• What this task involves:
In the material below, the lines from the one containing "chritten, und somit entkräftet hat, –" through the one containing "ihr Holzbedürfniß auf unrechtem" are to be given again exactly, ends included, and no others.

• Data excerpts:
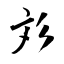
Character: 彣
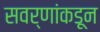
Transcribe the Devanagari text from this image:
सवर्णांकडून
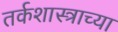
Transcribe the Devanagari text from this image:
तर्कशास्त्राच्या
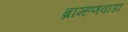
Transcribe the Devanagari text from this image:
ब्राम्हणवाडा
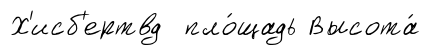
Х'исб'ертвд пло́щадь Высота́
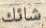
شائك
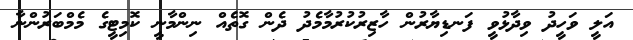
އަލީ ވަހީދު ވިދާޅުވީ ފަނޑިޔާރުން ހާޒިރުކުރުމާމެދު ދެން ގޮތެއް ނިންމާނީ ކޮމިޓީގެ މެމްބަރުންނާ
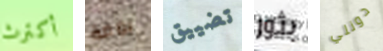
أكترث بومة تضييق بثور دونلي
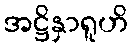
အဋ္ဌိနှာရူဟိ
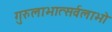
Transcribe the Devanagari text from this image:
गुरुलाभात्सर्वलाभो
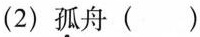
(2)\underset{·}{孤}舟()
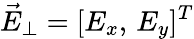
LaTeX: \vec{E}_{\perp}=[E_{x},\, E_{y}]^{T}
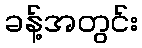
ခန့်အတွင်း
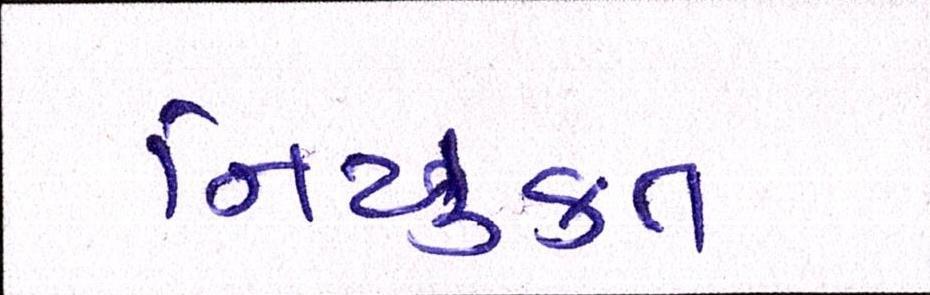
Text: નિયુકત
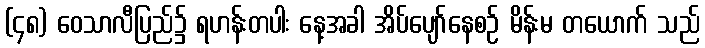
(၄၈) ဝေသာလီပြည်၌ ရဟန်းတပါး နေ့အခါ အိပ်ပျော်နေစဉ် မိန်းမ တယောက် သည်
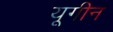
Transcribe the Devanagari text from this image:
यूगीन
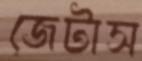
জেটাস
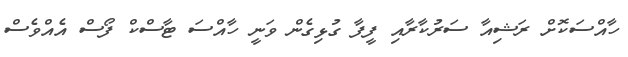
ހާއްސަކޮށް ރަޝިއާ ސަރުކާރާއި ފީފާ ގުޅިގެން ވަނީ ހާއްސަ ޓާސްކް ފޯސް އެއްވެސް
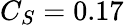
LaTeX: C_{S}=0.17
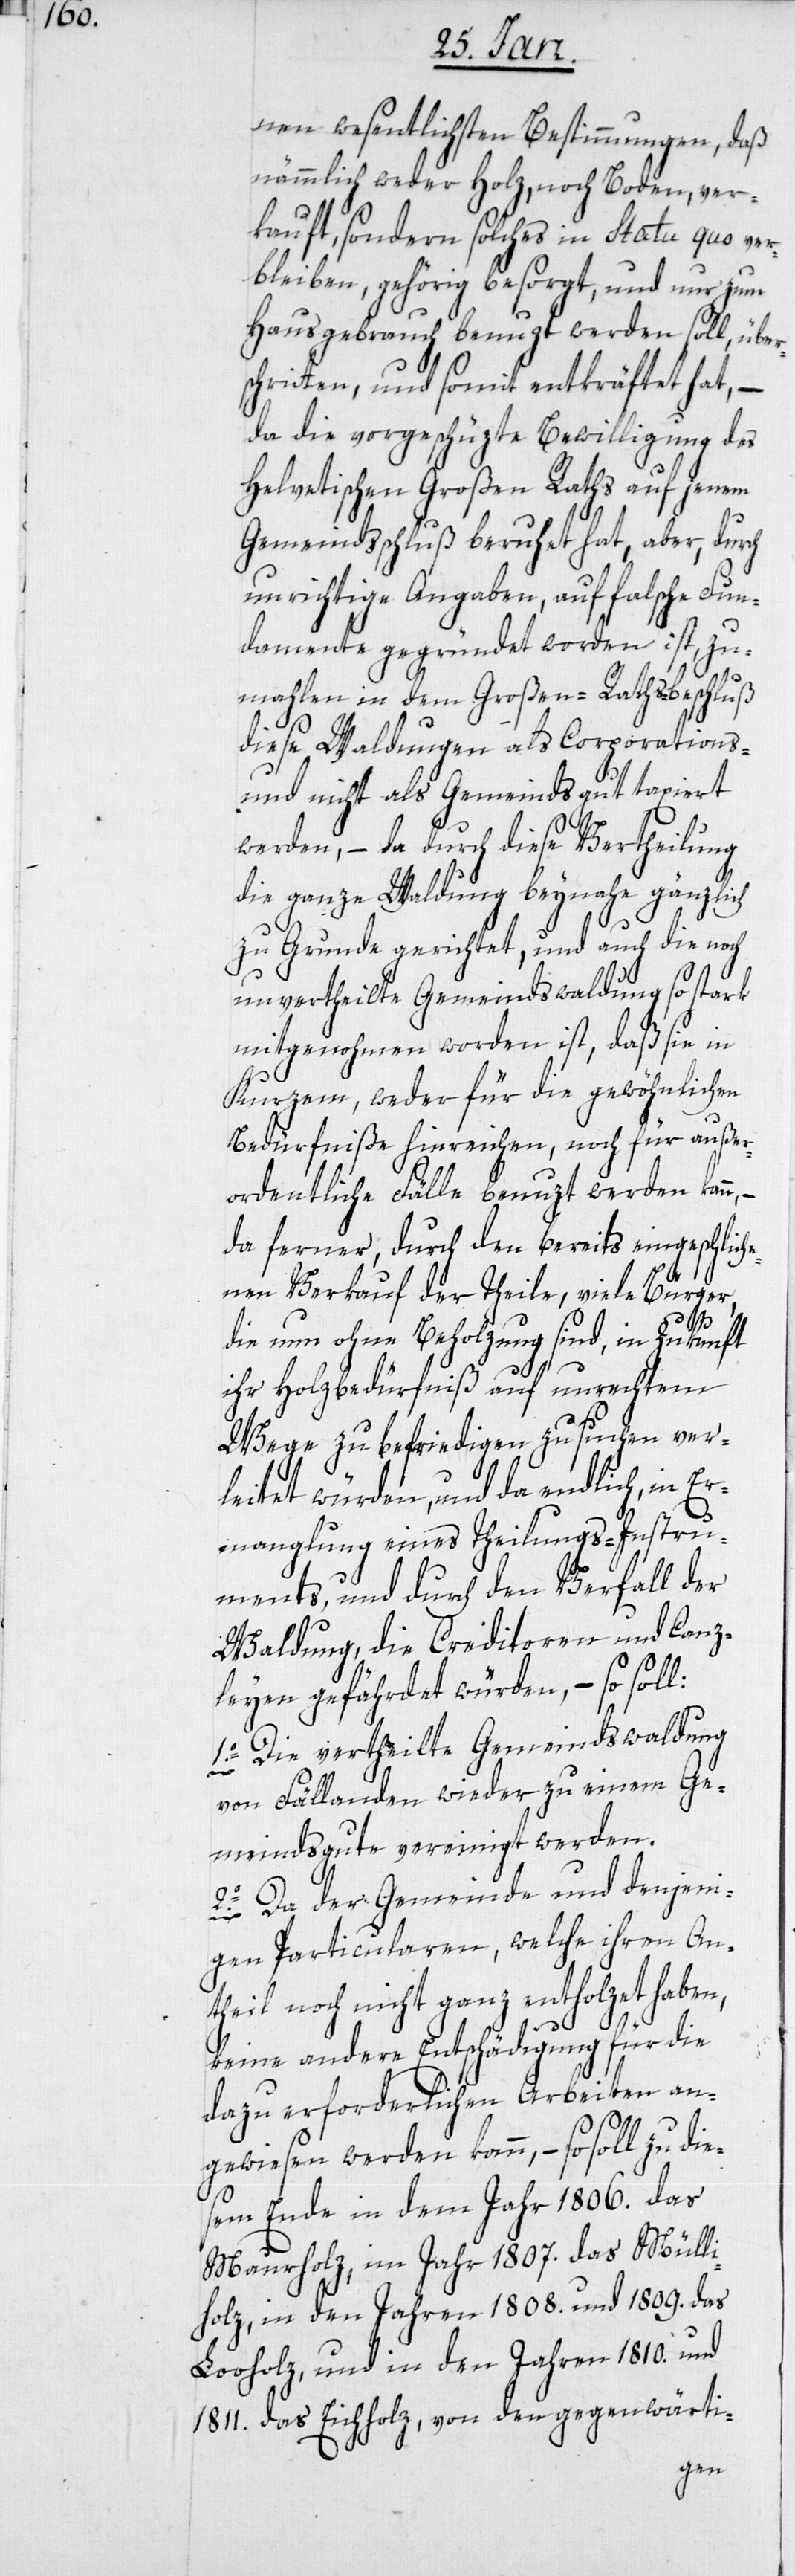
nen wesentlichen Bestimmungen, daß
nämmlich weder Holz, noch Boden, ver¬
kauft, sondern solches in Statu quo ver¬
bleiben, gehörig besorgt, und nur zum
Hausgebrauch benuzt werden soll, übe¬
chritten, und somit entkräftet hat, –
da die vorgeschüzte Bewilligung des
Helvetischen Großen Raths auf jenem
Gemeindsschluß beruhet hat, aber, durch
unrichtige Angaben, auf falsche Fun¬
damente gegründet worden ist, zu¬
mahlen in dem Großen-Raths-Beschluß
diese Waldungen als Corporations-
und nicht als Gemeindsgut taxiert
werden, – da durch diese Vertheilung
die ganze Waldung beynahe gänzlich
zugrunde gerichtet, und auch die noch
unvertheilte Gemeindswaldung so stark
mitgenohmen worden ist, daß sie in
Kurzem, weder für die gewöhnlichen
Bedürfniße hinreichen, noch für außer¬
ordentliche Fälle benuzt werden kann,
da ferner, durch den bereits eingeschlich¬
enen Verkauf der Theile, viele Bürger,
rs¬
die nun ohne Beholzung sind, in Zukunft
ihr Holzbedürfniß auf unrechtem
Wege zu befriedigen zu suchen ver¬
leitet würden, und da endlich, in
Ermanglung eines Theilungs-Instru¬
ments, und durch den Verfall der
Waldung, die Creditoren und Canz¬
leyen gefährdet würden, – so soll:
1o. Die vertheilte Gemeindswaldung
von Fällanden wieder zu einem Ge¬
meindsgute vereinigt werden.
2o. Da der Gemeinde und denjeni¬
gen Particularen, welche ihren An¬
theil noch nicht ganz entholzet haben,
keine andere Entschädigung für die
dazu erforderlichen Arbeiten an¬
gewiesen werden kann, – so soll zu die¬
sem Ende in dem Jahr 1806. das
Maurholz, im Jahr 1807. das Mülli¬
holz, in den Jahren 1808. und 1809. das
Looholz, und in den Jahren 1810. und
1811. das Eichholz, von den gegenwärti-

• Task answer:
chritten, und somit entkräftet hat, –
da die vorgeschüzte Bewilligung des
Helvetischen Großen Raths auf jenem
Gemeindsschluß beruhet hat, aber, durch
unrichtige Angaben, auf falsche Fun¬
damente gegründet worden ist, zu¬
mahlen in dem Großen-Raths-Beschluß
diese Waldungen als Corporations-
und nicht als Gemeindsgut taxiert
werden, – da durch diese Vertheilung
die ganze Waldung beynahe gänzlich
zugrunde gerichtet, und auch die noch
unvertheilte Gemeindswaldung so stark
mitgenohmen worden ist, daß sie in
Kurzem, weder für die gewöhnlichen
Bedürfniße hinreichen, noch für außer¬
ordentliche Fälle benuzt werden kann,
da ferner, durch den bereits eingeschlich¬
enen Verkauf der Theile, viele Bürger,
rs¬
die nun ohne Beholzung sind, in Zukunft
ihr Holzbedürfniß auf unrechtem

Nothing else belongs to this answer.